- [Records to process]:
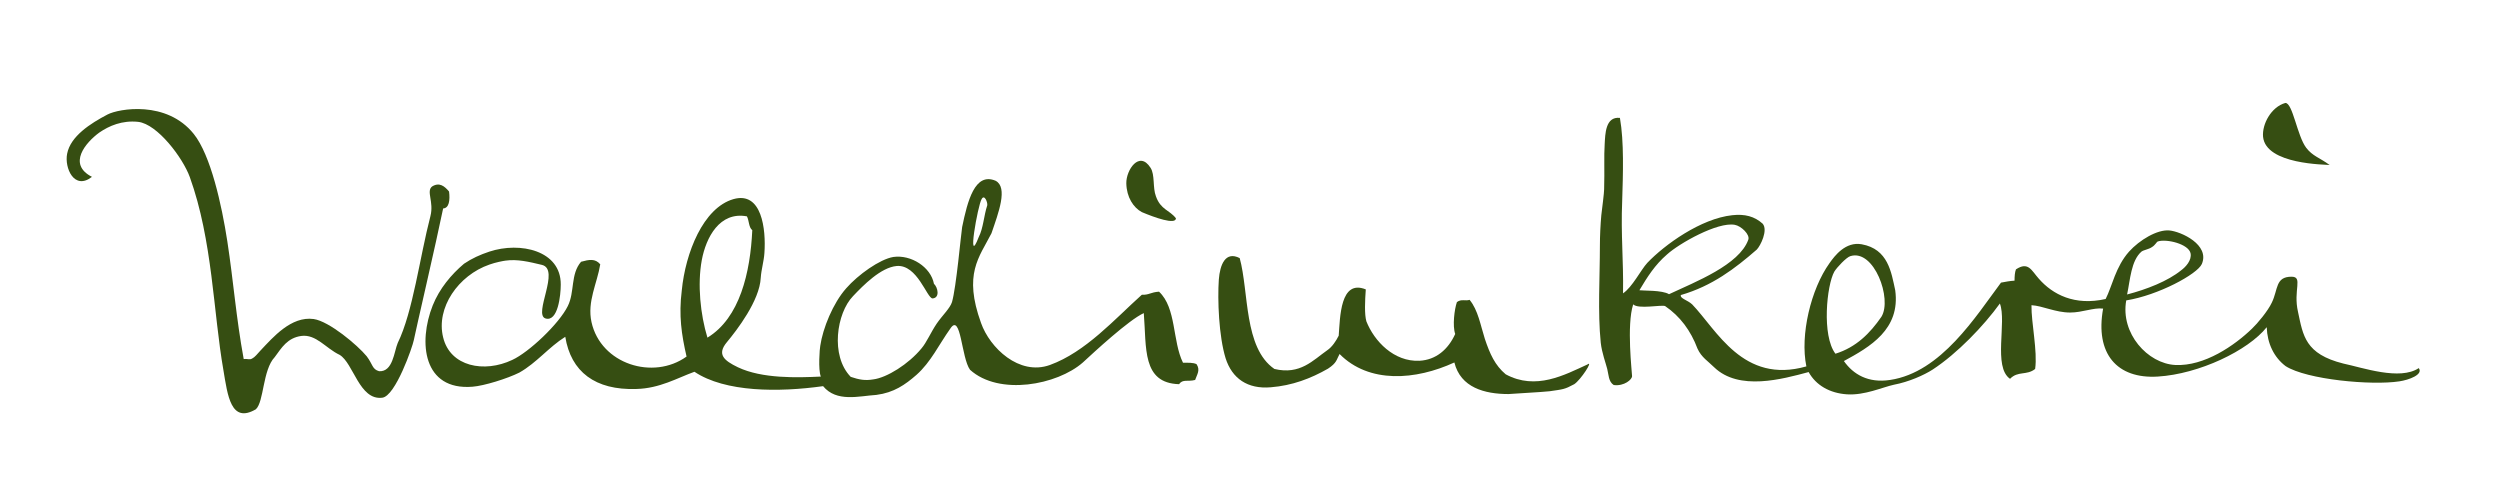 <?xml version="1.0" encoding="utf-8"?>
<!-- Generator: Adobe Illustrator 24.0.3, SVG Export Plug-In . SVG Version: 6.00 Build 0)  -->
<svg version="1.1" id="Ebene_1" xmlns="http://www.w3.org/2000/svg" xmlns:xlink="http://www.w3.org/1999/xlink" x="0px" y="0px"
	 viewBox="0 0 88.63 17.52" style="enable-background:new 0 0 88.63 17.52;" xml:space="preserve">
<style type="text/css">
	.st0{fill:#364E12;}
</style>
<g>
	<path class="st0" d="M26.67,8.16c-0.13-0.1-0.11-0.34-0.19-0.49c-0.97-0.18-1.45,0.75-1.6,1.55c-0.16,0.86-0.05,1.93,0.2,2.75
		C26.23,11.27,26.6,9.66,26.67,8.16 M35,7.28c0.02-0.1-0.1-0.41-0.2-0.22c-0.13,0.2-0.54,2.48-0.1,1.34
		C34.86,8.09,34.88,7.64,35,7.28 M24.62,13.18c-0.61,0.22-1.23,0.59-2.06,0.61c-1.46,0.05-2.32-0.61-2.52-1.85
		c-0.59,0.37-1.01,0.92-1.63,1.27c-0.42,0.21-1.25,0.47-1.66,0.5c-1.75,0.14-1.93-1.57-1.41-2.88c0.24-0.6,0.66-1.1,1.11-1.48
		c0.28-0.19,0.57-0.32,0.9-0.43c1.09-0.36,2.54-0.04,2.53,1.17c0,0.38-0.1,1.33-0.54,1.2c-0.45-0.14,0.54-1.74-0.13-1.9
		c-0.46-0.11-0.87-0.21-1.29-0.15c-0.08,0.01-0.35,0.06-0.57,0.14c-1.1,0.38-1.9,1.53-1.64,2.58c0.25,1.04,1.46,1.27,2.45,0.8
		c0.59-0.27,1.66-1.28,1.97-1.91c0.25-0.5,0.09-1.13,0.47-1.57c0.29-0.08,0.5-0.12,0.68,0.09c-0.11,0.68-0.47,1.32-0.31,2.05
		c0.33,1.49,2.19,2.07,3.37,1.22c-0.18-0.78-0.28-1.46-0.17-2.34C24.3,8.96,24.93,7.37,26,7.06c1.01-0.29,1.16,1.07,1.1,1.91
		c-0.02,0.3-0.11,0.58-0.13,0.88c-0.04,0.81-0.85,1.86-1.2,2.28c-0.36,0.43-0.11,0.65,0.39,0.89c0.86,0.41,2.11,0.37,2.94,0.33
		c-0.1-0.24-0.04-1.01-0.02-1.09c0.09-0.62,0.45-1.51,0.92-2.04c0.42-0.48,1.19-1.03,1.67-1.11c0.63-0.09,1.33,0.36,1.44,0.95
		c0.14,0.13,0.22,0.5-0.05,0.52c-0.2-0.01-0.54-1.21-1.27-1.15c-0.56,0.05-1.18,0.68-1.55,1.07c-0.58,0.6-0.81,2.11-0.08,2.86
		c0.3,0.1,0.5,0.14,0.8,0.09c0.48-0.06,1.25-0.54,1.71-1.1c0.18-0.21,0.33-0.57,0.54-0.88c0.2-0.29,0.47-0.54,0.54-0.76
		c0.15-0.51,0.32-2.42,0.36-2.66c0.19-0.92,0.45-1.96,1.19-1.64c0.44,0.24,0.1,1.13-0.15,1.86c-0.44,0.86-1,1.44-0.37,3.18
		c0.31,0.88,1.35,1.88,2.44,1.49c1.27-0.46,2.3-1.63,3.26-2.49c0.26,0.01,0.31-0.09,0.61-0.11c0.62,0.58,0.47,1.75,0.85,2.52
		c0.18,0,0.36-0.01,0.48,0.05c0.14,0.21,0.02,0.36-0.05,0.56c-0.26,0.07-0.44-0.04-0.57,0.15c-1.32-0.04-1.15-1.29-1.25-2.52
		c-0.53,0.24-1.77,1.39-2.16,1.75c-0.91,0.8-2.97,1.19-4,0.26c-0.31-0.42-0.32-2.04-0.7-1.46c-0.4,0.56-0.69,1.19-1.2,1.64
		c-0.4,0.35-0.8,0.63-1.42,0.71c-0.62,0.04-1.41,0.27-1.89-0.31C27.61,13.91,25.71,13.91,24.62,13.18"/>
	<path class="st0" d="M61.98,8.5c0.07-0.18-0.25-0.49-0.48-0.53c-0.61-0.11-1.97,0.66-2.4,1.05c-0.43,0.37-0.7,0.8-0.98,1.27
		c0.12,0.02,0.81-0.01,1.05,0.14C60.11,9.99,61.66,9.39,61.98,8.5 M66.7,11.23c0.39-0.63-0.26-2.41-1.1-2.15
		c-0.14,0.04-0.48,0.4-0.57,0.55c-0.27,0.48-0.45,2.27,0.04,2.91C65.81,12.31,66.3,11.81,66.7,11.23 M77.33,9.58
		c0.15-0.11,0.38-0.35,0.33-0.6c-0.07-0.33-0.85-0.52-1.16-0.42c-0.05,0.02-0.09,0.13-0.21,0.2c-0.11,0.08-0.29,0.1-0.37,0.16
		c-0.37,0.32-0.4,1-0.51,1.52C76.1,10.26,76.85,9.97,77.33,9.58 M85.75,13.05c0.17,0.23-0.35,0.42-0.69,0.47
		c-0.98,0.15-3.28-0.06-4.03-0.54c-0.41-0.31-0.65-0.8-0.67-1.38c-0.66,0.83-2.4,1.66-3.86,1.75c-1.45,0.09-2.23-0.81-1.94-2.41
		c-0.35-0.04-0.73,0.14-1.17,0.14c-0.52,0-0.98-0.24-1.37-0.26c-0.01,0.62,0.22,1.63,0.13,2.26c-0.3,0.24-0.61,0.06-0.89,0.35
		c-0.61-0.42-0.11-2.02-0.36-2.67c-0.57,0.79-1.51,1.77-2.38,2.34c-0.31,0.2-0.85,0.44-1.38,0.54c-0.41,0.09-1.03,0.38-1.66,0.34
		c-0.61-0.04-1.1-0.32-1.36-0.79c-0.93,0.25-2.47,0.68-3.35-0.17c-0.21-0.21-0.45-0.35-0.59-0.66c-0.24-0.64-0.62-1.15-1.15-1.51
		c-0.15-0.05-0.95,0.12-1.13-0.06c-0.24,0.74-0.04,2.42-0.04,2.54c0.01,0.12-0.28,0.37-0.65,0.32c-0.19-0.12-0.18-0.38-0.23-0.57
		c-0.05-0.2-0.19-0.57-0.23-0.93c-0.11-1.09-0.03-2.32-0.03-3.43c0-0.36,0.02-0.75,0.05-1.09c0.03-0.25,0.1-0.79,0.1-0.92
		c0.02-0.68-0.01-1.17,0.02-1.61c0.02-0.33,0.02-0.98,0.54-0.92c0.15,0.85,0.11,1.99,0.08,2.95c-0.05,1.2,0.05,2.08,0.03,3.27
		c0.33-0.22,0.63-0.83,0.86-1.08c0.62-0.65,1.9-1.57,3.01-1.69c0.45-0.05,0.79,0.04,1.08,0.3c0.2,0.23-0.08,0.79-0.21,0.92
		c-0.77,0.67-1.58,1.29-2.69,1.61c-0.04,0.12,0.24,0.18,0.4,0.33c0.87,0.9,1.8,2.84,4.05,2.2c-0.23-1.11,0.16-2.74,0.82-3.66
		c0.19-0.27,0.57-0.77,1.14-0.67c0.94,0.17,1.05,0.99,1.19,1.63c0.19,1.39-0.9,2.01-1.82,2.51c0.33,0.47,0.86,0.79,1.64,0.67
		c1.81-0.27,3.04-2.26,3.93-3.45c0.16-0.03,0.31-0.06,0.48-0.07c0-0.15,0.01-0.3,0.05-0.4c0.44-0.29,0.55,0.04,0.81,0.33
		c0.49,0.56,1.27,0.97,2.37,0.72c0.23-0.45,0.35-1.14,0.83-1.68c0.37-0.41,1-0.79,1.43-0.75c0.42,0.04,1.44,0.51,1.15,1.19
		c-0.16,0.36-1.55,1.11-2.68,1.29c-0.21,1.17,0.76,2.24,1.74,2.29c1.03,0.05,2.1-0.69,2.72-1.29c0.19-0.18,0.56-0.62,0.7-0.92
		c0.23-0.47,0.12-0.92,0.7-0.92c0.42,0,0.05,0.47,0.23,1.25c0.18,0.84,0.25,1.49,1.61,1.83C83.75,13.03,85.08,13.5,85.75,13.05"/>
	<path class="st0" d="M81.76,5.24c0.23,0.3,0.48,0.35,0.83,0.61c-0.13-0.02-2.26-0.01-2.36-1c-0.04-0.45,0.29-1.06,0.79-1.2
		C81.28,3.64,81.44,4.82,81.76,5.24"/>
	<path class="st0" d="M56.28,12.92c0.22-0.16-0.24,0.55-0.47,0.7c-0.35,0.19-0.4,0.18-0.87,0.25c-0.24,0.03-1.39,0.09-1.46,0.1
		c-0.85,0-1.7-0.23-1.92-1.12c-1.37,0.63-3.02,0.76-4.07-0.3c-0.11,0.2-0.09,0.31-0.41,0.52c-0.61,0.35-1.27,0.6-2.03,0.66
		c-0.82,0.07-1.37-0.31-1.6-1.03c-0.24-0.78-0.29-2.07-0.24-2.79c0.04-0.52,0.23-1.02,0.74-0.76c0.33,1.2,0.14,3.18,1.23,3.93
		c0.91,0.22,1.37-0.31,1.87-0.66c0.18-0.12,0.32-0.34,0.41-0.52c0.05-0.65,0.05-2.01,0.96-1.64c-0.03,0.41-0.05,0.88,0.02,1.13
		c0.28,0.71,0.98,1.44,1.88,1.4c0.59-0.03,1.02-0.4,1.27-0.95c-0.1-0.28-0.03-0.87,0.06-1.13c0.16-0.12,0.3-0.03,0.45-0.08
		c0.3,0.36,0.39,0.91,0.54,1.38c0.18,0.54,0.36,0.94,0.74,1.26C54.45,13.85,55.47,13.29,56.28,12.92"/>
	<path class="st0" d="M41.69,7.74c-0.01,0.24-0.76-0.03-1.21-0.22c-0.3-0.16-0.54-0.53-0.55-1.02c-0.01-0.47,0.46-1.18,0.86-0.55
		c0.16,0.25,0.07,0.7,0.19,1.01C41.15,7.44,41.46,7.44,41.69,7.74"/>
	<path class="st0" d="M15.92,6.79c0.04,0.31,0,0.59-0.21,0.6c-0.24,1.18-0.99,4.4-1.04,4.67c-0.04,0.22-0.65,1.99-1.12,2.04
		c-0.81,0.1-1.02-1.23-1.51-1.52c-0.49-0.23-0.83-0.74-1.36-0.67c-0.49,0.07-0.69,0.41-0.94,0.75c-0.43,0.45-0.38,1.59-0.67,1.85
		c-0.89,0.52-1-0.5-1.15-1.39c-0.36-2.05-0.38-4.59-1.19-6.84C6.48,5.59,5.58,4.4,4.9,4.32C4.33,4.26,3.87,4.46,3.52,4.7
		C3.04,5.05,2.38,5.82,3.26,6.27C2.63,6.76,2.28,5.95,2.38,5.45C2.5,4.83,3.2,4.38,3.81,4.06c0.4-0.21,2.1-0.51,3.06,0.69
		c0.6,0.75,0.99,2.51,1.19,3.81c0.22,1.44,0.31,2.7,0.58,4.17c0.15-0.02,0.2,0.04,0.3-0.02c0.1-0.05,0.17-0.15,0.31-0.3
		c0.42-0.44,1.07-1.21,1.87-1.1c0.55,0.08,1.55,0.92,1.88,1.32c0.22,0.29,0.19,0.46,0.44,0.53c0.49,0.03,0.53-0.69,0.66-1
		c0.54-1.1,0.78-3.04,1.16-4.5c0.13-0.51-0.16-0.88,0.06-1.05C15.58,6.45,15.76,6.6,15.92,6.79"/>
</g>
</svg>

- [How to complete this task]:
Tally the lines of the listing above that contain the word "style" and state the result as a bare number.

- [Output below]:
3